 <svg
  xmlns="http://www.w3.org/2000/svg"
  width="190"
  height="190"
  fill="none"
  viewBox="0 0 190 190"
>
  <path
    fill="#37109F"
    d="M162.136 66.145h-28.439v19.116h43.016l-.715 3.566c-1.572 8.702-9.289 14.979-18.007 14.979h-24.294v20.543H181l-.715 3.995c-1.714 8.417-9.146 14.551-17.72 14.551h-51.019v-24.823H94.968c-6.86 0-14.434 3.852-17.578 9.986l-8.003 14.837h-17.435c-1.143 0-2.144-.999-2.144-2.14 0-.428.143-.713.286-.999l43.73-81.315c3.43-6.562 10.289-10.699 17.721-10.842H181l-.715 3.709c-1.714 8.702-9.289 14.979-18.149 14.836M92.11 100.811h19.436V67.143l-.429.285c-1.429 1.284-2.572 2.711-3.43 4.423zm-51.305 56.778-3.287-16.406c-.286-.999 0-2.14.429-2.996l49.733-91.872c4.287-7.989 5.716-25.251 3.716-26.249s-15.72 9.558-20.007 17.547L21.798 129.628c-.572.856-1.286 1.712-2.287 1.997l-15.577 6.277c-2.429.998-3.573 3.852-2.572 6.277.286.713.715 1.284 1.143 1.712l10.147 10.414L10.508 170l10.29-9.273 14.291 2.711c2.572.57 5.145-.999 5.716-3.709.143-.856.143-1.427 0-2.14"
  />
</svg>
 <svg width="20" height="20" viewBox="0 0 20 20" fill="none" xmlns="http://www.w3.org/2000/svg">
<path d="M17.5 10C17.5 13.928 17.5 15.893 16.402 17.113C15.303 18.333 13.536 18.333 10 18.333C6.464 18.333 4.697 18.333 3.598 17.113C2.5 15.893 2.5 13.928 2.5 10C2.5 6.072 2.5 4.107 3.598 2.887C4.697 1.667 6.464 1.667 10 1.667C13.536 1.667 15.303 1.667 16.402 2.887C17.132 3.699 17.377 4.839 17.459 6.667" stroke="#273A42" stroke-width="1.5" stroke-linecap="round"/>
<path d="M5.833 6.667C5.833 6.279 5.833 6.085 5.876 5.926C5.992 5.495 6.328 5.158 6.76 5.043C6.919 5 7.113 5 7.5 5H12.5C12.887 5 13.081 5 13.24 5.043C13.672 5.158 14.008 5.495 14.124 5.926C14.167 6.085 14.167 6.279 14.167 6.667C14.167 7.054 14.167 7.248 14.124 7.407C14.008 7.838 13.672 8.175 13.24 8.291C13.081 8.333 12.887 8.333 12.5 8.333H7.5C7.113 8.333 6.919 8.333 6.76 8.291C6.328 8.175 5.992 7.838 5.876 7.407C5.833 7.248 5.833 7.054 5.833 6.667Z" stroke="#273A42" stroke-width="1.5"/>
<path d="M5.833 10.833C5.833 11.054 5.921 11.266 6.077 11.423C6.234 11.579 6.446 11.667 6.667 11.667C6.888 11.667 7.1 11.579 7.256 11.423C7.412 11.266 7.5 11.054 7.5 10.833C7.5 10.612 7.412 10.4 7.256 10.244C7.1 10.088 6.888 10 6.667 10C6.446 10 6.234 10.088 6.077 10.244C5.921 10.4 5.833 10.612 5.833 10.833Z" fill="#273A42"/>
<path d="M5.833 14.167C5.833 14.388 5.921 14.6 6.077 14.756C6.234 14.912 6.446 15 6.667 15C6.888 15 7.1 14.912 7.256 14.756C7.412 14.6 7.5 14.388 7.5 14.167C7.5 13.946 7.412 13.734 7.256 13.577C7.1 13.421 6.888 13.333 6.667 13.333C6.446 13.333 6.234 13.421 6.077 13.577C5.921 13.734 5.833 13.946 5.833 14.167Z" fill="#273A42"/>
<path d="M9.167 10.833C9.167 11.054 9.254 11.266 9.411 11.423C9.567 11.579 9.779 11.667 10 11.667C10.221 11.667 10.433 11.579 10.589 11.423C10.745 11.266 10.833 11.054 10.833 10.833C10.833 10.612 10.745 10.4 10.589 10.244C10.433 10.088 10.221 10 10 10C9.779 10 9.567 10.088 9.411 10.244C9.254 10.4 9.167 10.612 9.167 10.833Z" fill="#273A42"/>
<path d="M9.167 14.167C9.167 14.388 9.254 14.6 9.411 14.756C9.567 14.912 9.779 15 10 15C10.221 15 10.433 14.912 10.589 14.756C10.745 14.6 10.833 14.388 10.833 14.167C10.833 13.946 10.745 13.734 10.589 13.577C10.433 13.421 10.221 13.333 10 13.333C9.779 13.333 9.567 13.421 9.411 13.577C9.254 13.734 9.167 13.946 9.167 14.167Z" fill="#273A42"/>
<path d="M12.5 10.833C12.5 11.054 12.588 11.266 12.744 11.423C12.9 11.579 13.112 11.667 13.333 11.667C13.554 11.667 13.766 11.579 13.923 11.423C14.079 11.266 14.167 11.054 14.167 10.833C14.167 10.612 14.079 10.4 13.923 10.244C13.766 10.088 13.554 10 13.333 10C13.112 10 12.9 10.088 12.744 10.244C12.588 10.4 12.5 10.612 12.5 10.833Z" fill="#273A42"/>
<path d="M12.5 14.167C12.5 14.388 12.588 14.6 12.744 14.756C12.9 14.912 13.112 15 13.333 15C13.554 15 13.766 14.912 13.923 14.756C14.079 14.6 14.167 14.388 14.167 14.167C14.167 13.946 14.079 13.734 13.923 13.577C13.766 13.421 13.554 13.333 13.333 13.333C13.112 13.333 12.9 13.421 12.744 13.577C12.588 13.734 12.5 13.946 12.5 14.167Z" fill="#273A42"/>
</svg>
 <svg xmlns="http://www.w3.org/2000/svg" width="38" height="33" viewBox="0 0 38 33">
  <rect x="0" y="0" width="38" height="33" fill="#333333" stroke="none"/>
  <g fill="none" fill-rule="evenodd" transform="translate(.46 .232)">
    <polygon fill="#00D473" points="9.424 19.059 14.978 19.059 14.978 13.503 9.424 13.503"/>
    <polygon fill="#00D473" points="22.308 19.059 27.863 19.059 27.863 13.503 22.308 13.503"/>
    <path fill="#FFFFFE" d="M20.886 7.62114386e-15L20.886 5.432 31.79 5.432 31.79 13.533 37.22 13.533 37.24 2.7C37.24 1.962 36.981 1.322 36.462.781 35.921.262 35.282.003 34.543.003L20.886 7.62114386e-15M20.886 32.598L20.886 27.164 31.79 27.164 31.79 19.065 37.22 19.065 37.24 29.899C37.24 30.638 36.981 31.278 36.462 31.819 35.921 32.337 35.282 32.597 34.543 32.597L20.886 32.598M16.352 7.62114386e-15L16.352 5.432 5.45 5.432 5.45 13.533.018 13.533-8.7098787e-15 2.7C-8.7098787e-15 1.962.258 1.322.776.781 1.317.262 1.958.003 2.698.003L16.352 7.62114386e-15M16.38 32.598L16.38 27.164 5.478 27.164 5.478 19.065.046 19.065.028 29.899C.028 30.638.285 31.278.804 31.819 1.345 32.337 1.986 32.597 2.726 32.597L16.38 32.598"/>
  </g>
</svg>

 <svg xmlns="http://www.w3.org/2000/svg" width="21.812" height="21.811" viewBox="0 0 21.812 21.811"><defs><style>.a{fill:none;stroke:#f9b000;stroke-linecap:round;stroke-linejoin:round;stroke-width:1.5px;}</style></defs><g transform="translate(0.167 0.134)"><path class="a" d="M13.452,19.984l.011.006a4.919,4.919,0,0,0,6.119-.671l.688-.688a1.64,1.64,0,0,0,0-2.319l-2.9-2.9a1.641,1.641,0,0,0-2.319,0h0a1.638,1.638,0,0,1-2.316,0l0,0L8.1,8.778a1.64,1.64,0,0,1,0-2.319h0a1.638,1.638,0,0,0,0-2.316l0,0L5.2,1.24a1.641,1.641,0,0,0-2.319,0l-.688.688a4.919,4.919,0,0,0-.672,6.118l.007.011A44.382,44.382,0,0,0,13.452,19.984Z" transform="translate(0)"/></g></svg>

══════════════════════════════

-- What is required --
Nothing but the lines from the beginning of the records through the line with "6.667C5.833 6.279 5.833" should appear, each printed exactly.

-- Completed exercise --
 <svg
  xmlns="http://www.w3.org/2000/svg"
  width="190"
  height="190"
  fill="none"
  viewBox="0 0 190 190"
>
  <path
    fill="#37109F"
    d="M162.136 66.145h-28.439v19.116h43.016l-.715 3.566c-1.572 8.702-9.289 14.979-18.007 14.979h-24.294v20.543H181l-.715 3.995c-1.714 8.417-9.146 14.551-17.72 14.551h-51.019v-24.823H94.968c-6.86 0-14.434 3.852-17.578 9.986l-8.003 14.837h-17.435c-1.143 0-2.144-.999-2.144-2.14 0-.428.143-.713.286-.999l43.73-81.315c3.43-6.562 10.289-10.699 17.721-10.842H181l-.715 3.709c-1.714 8.702-9.289 14.979-18.149 14.836M92.11 100.811h19.436V67.143l-.429.285c-1.429 1.284-2.572 2.711-3.43 4.423zm-51.305 56.778-3.287-16.406c-.286-.999 0-2.14.429-2.996l49.733-91.872c4.287-7.989 5.716-25.251 3.716-26.249s-15.72 9.558-20.007 17.547L21.798 129.628c-.572.856-1.286 1.712-2.287 1.997l-15.577 6.277c-2.429.998-3.573 3.852-2.572 6.277.286.713.715 1.284 1.143 1.712l10.147 10.414L10.508 170l10.29-9.273 14.291 2.711c2.572.57 5.145-.999 5.716-3.709.143-.856.143-1.427 0-2.14"
  />
</svg>
 <svg width="20" height="20" viewBox="0 0 20 20" fill="none" xmlns="http://www.w3.org/2000/svg">
<path d="M17.5 10C17.5 13.928 17.5 15.893 16.402 17.113C15.303 18.333 13.536 18.333 10 18.333C6.464 18.333 4.697 18.333 3.598 17.113C2.5 15.893 2.5 13.928 2.5 10C2.5 6.072 2.5 4.107 3.598 2.887C4.697 1.667 6.464 1.667 10 1.667C13.536 1.667 15.303 1.667 16.402 2.887C17.132 3.699 17.377 4.839 17.459 6.667" stroke="#273A42" stroke-width="1.5" stroke-linecap="round"/>
<path d="M5.833 6.667C5.833 6.279 5.833 6.085 5.876 5.926C5.992 5.495 6.328 5.158 6.76 5.043C6.919 5 7.113 5 7.5 5H12.5C12.887 5 13.081 5 13.24 5.043C13.672 5.158 14.008 5.495 14.124 5.926C14.167 6.085 14.167 6.279 14.167 6.667C14.167 7.054 14.167 7.248 14.124 7.407C14.008 7.838 13.672 8.175 13.24 8.291C13.081 8.333 12.887 8.333 12.5 8.333H7.5C7.113 8.333 6.919 8.333 6.76 8.291C6.328 8.175 5.992 7.838 5.876 7.407C5.833 7.248 5.833 7.054 5.833 6.667Z" stroke="#273A42" stroke-width="1.5"/>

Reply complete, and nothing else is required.